Experts have been working towards saving our planet’s endangered species for quite some time now, and not without some success in the endeavor. Public awareness of the problem is much of the battle, so this generation should harken back to shows like “Mutual of Omaha’s Wild Kingdom” to understand why environmentalists are worried about Trump’s insensitivity to the entire subject.
President Trump’s mostly unpublicised maneuver shows what a city-dweller he really is, with little understanding of the delicate balance of nature. The move once again crushed the hearts of ecologists everywhere, with news anchors interviewing experts like Jeff Corwin, a wildlife expert, and TV personality, about their views on the move by the President. What Corwin suggested, and what we all know in our heart of hearts, is that Mankind is eradicating many species of wildlife on this planet as we speak, in a rabbit’s or kangaroo’s “leaps and bounds”.
Perhaps thinking about wildlife doesn’t seem as important an issue as denuclearization, but even if we stand down on nukes, we still have to live with each other and a myriad of other life forms. If the endangered species of the world could talk, they might wonder aloud why hunters need their heads looming overhead on walls to prove the hunters’ prowess, when so easily and simply videos of the hunt itself can be made for proof of their hunting skills, and photographs taken for remembrances.
Why stuff heads and “kills” at all? Maybe taxidermists will complain if trophy-hunting is done away with, but perhaps they could learn a similar trade: mummification of human cadavers! Now that might be something that will come back into vogue, with nods to the Egyptians! The ivory trade is so out of step with modern conservationist thought that banning it completely should be a Trump no-brainer, or does Trump not appreciate the elephants which the Republicans use as their mascots?
The endangered species list should be expanded, not limited, and hunters should convert their interests, in the interest of conservation, to pure marksmanship, using artificial targets, not live animals. Perhaps the reason Trump is not on board with conservationists is that he is a city-dweller par excelence, used to the finest restaurants and a boar’s head for lunch! Perhaps he just can’t understand the delicate balance between human civilization and the remaining wild species of the earth. Trump is a people person and knows how to lead in a peopled environment, and doesn’t run across wildlife in his daily White House briefings (although he is constantly being attacked by the sharks in the press pool!). Could that be his excuse for not being sensitive to ecological issues?

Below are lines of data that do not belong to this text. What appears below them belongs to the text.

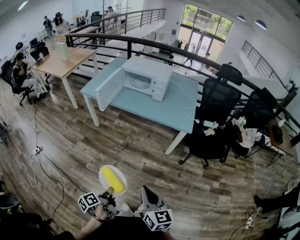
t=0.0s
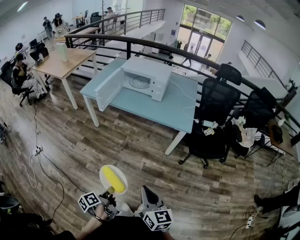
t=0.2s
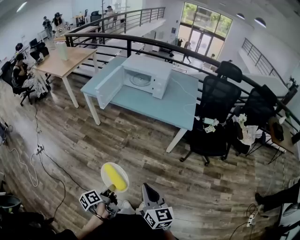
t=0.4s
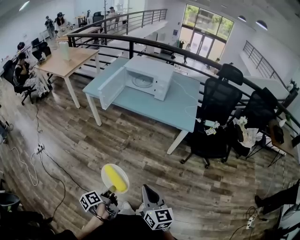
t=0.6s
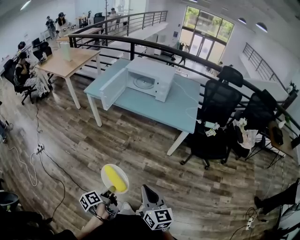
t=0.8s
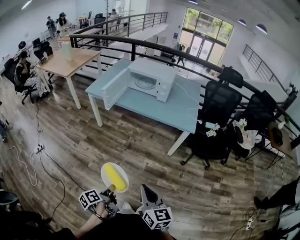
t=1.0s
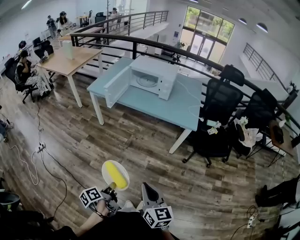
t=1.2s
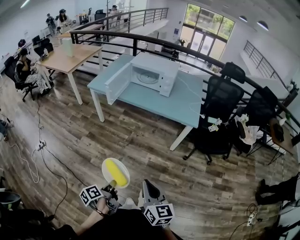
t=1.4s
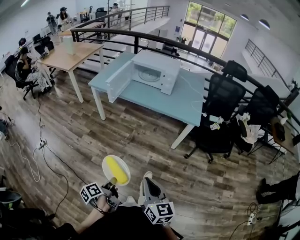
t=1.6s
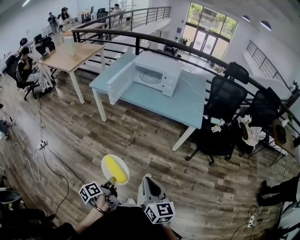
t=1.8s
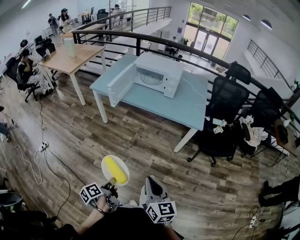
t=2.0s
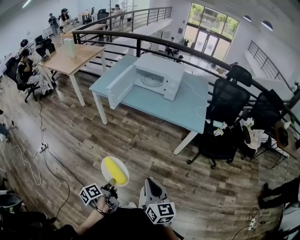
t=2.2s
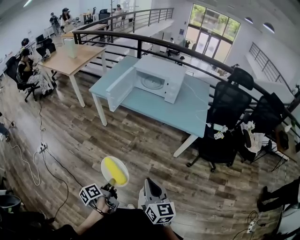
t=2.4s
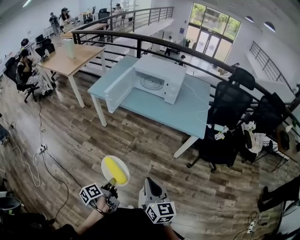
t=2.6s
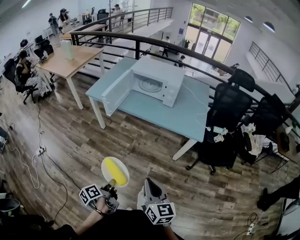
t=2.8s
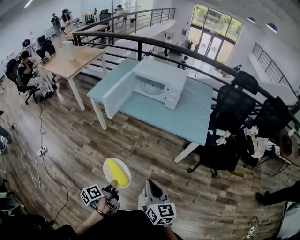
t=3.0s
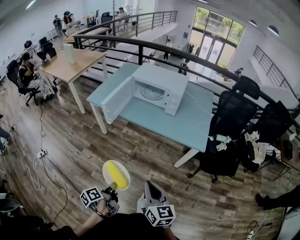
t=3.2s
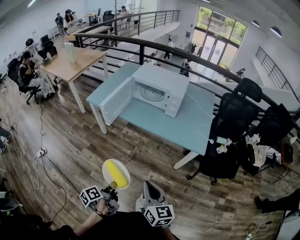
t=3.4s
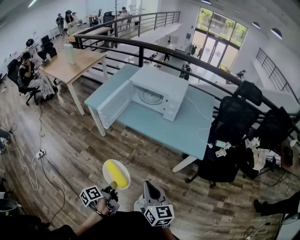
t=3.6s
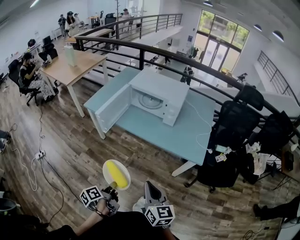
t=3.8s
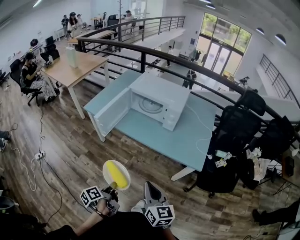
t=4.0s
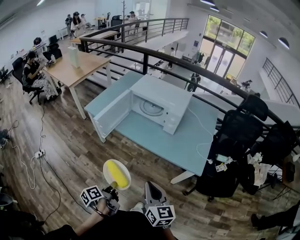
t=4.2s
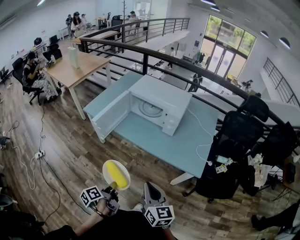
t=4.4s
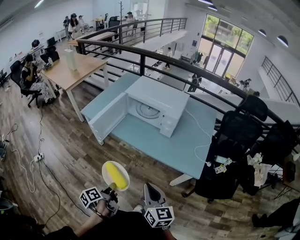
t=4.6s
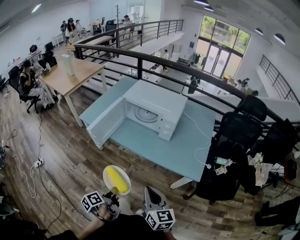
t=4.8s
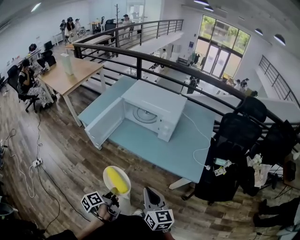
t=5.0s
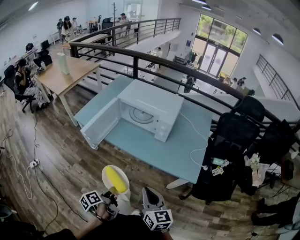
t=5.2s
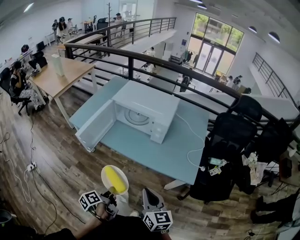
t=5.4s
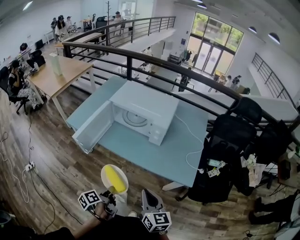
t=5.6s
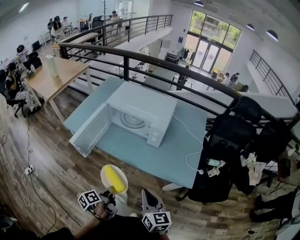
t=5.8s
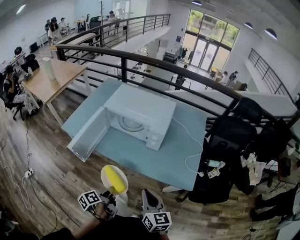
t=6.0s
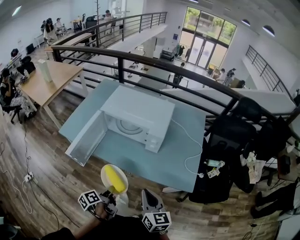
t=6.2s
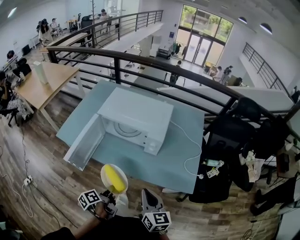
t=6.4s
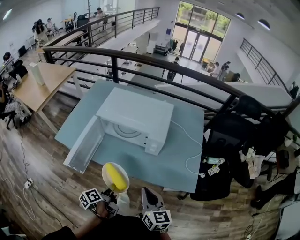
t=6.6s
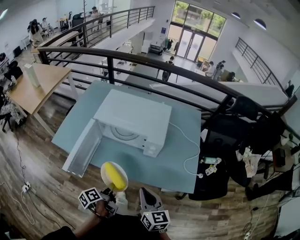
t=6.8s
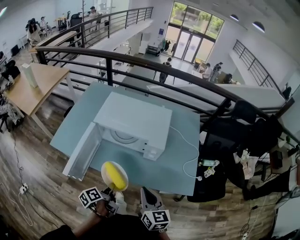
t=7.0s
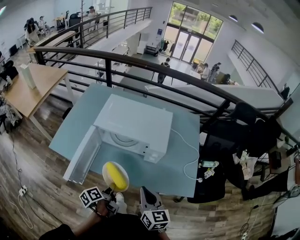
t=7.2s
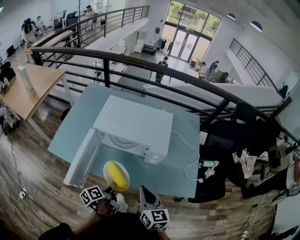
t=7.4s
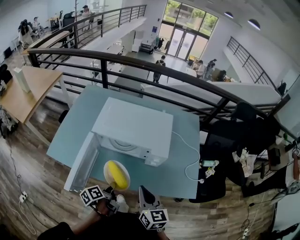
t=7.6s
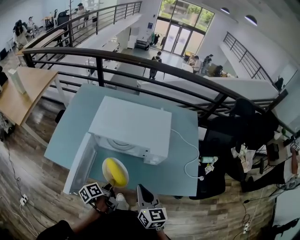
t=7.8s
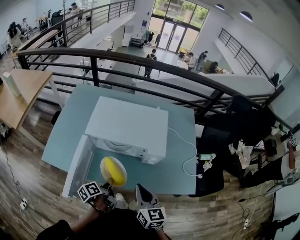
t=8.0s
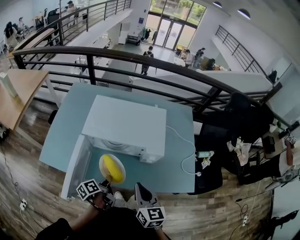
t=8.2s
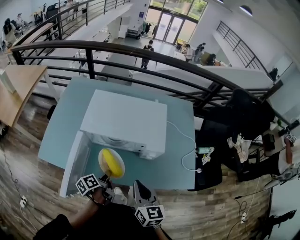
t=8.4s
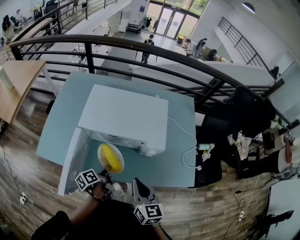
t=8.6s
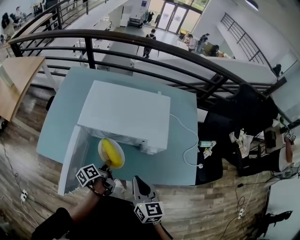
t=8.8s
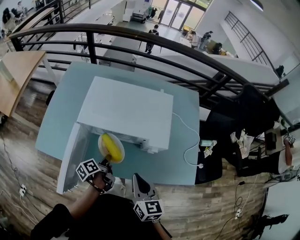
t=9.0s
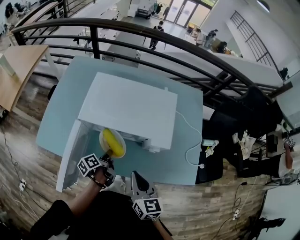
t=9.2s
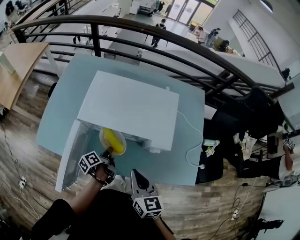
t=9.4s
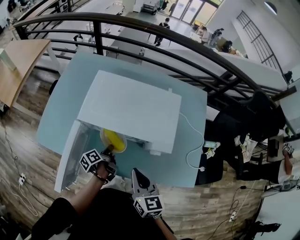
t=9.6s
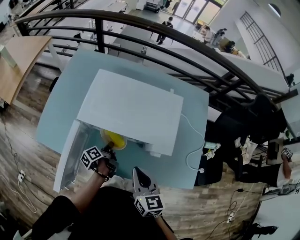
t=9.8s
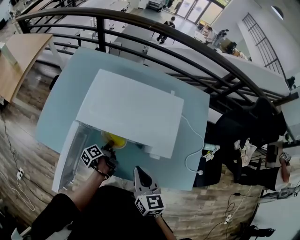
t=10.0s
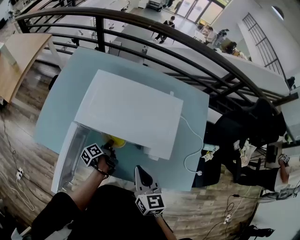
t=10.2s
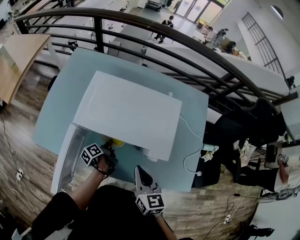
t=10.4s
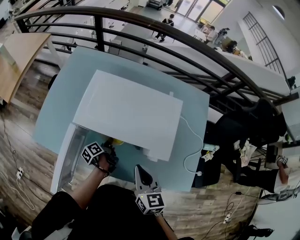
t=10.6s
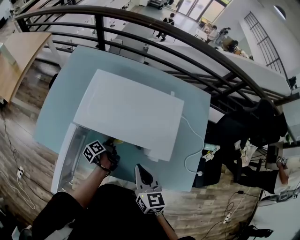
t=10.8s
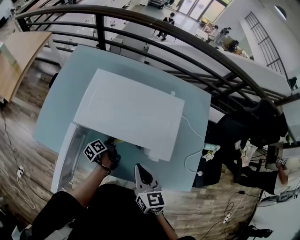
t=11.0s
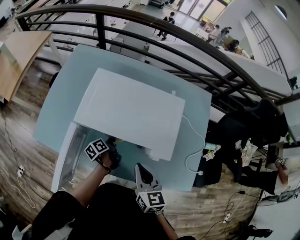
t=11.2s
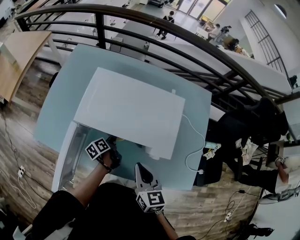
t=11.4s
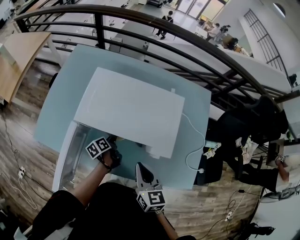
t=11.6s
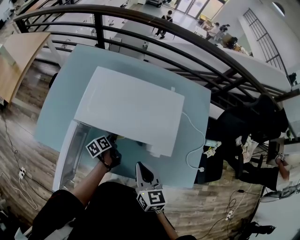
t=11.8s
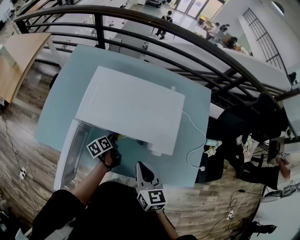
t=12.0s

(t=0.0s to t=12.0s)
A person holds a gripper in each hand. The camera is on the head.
t=0.0s - t=1.6s: The right gripper changes place by about 5 cm.
t=1.6s - t=3.0s: The right gripper changes place by approximately 15 cm.
t=3.0s - t=4.4s: The right gripper changes place by some 20 cm.
t=4.4s - t=6.0s: The right gripper changes place by about 15 cm.
t=6.0s - t=7.6s: The right gripper changes place by about 20 cm.
t=7.6s - t=9.0s: The right gripper changes place by roughly 5 cm.
t=9.0s - t=10.4s: The right gripper ends up approximately 10 cm from where it was.

Trump belongs to the Doubters of Climate Change, and the derisioners of environmental spokespeople like old Al Gore, who at least managed to use his celebrity for a worthy world-wide cause. Is it just my imagination, or do city-dwellers not seem to value nature as much as others who live in the suburbs, and have learned to appreciate animal life and the remaining wilderness areas of the world (like Doñana in Spain)?
We might as well talk about the oceans and seas of this blue planet too, which we tackle to ship our goods on, transport peoples between nations, fish in and drill in, and dump our wastes into. If you believe in the Bible at all, it did somewhere mention the idea that Man was meant to be a good steward of God’s creation. Can we honestly say that we have lived up to that admonishment and holy expectation?
Elephant hunt, Northern Rhodesia, early 1950s. Mack Lundy, uploader of the photo in 2017, says it is “not a photograph I’m proud of but it was part of my faher’s life at the time.” Lundy’s fatther: center
I for one hope that conservationists the world over will speak up like Jeff Corwin, putting the trophy-hunting industry in ecological perspective, and turn hunters into the world’s most sensitive and skilled photographers of dwindling species. In today’s world, Big Game Hunters are an anachronism which has no place in modern times.
Perhaps what the World needs is a United Nations binding Resolution to turn off the spigot of the Trophy Trade.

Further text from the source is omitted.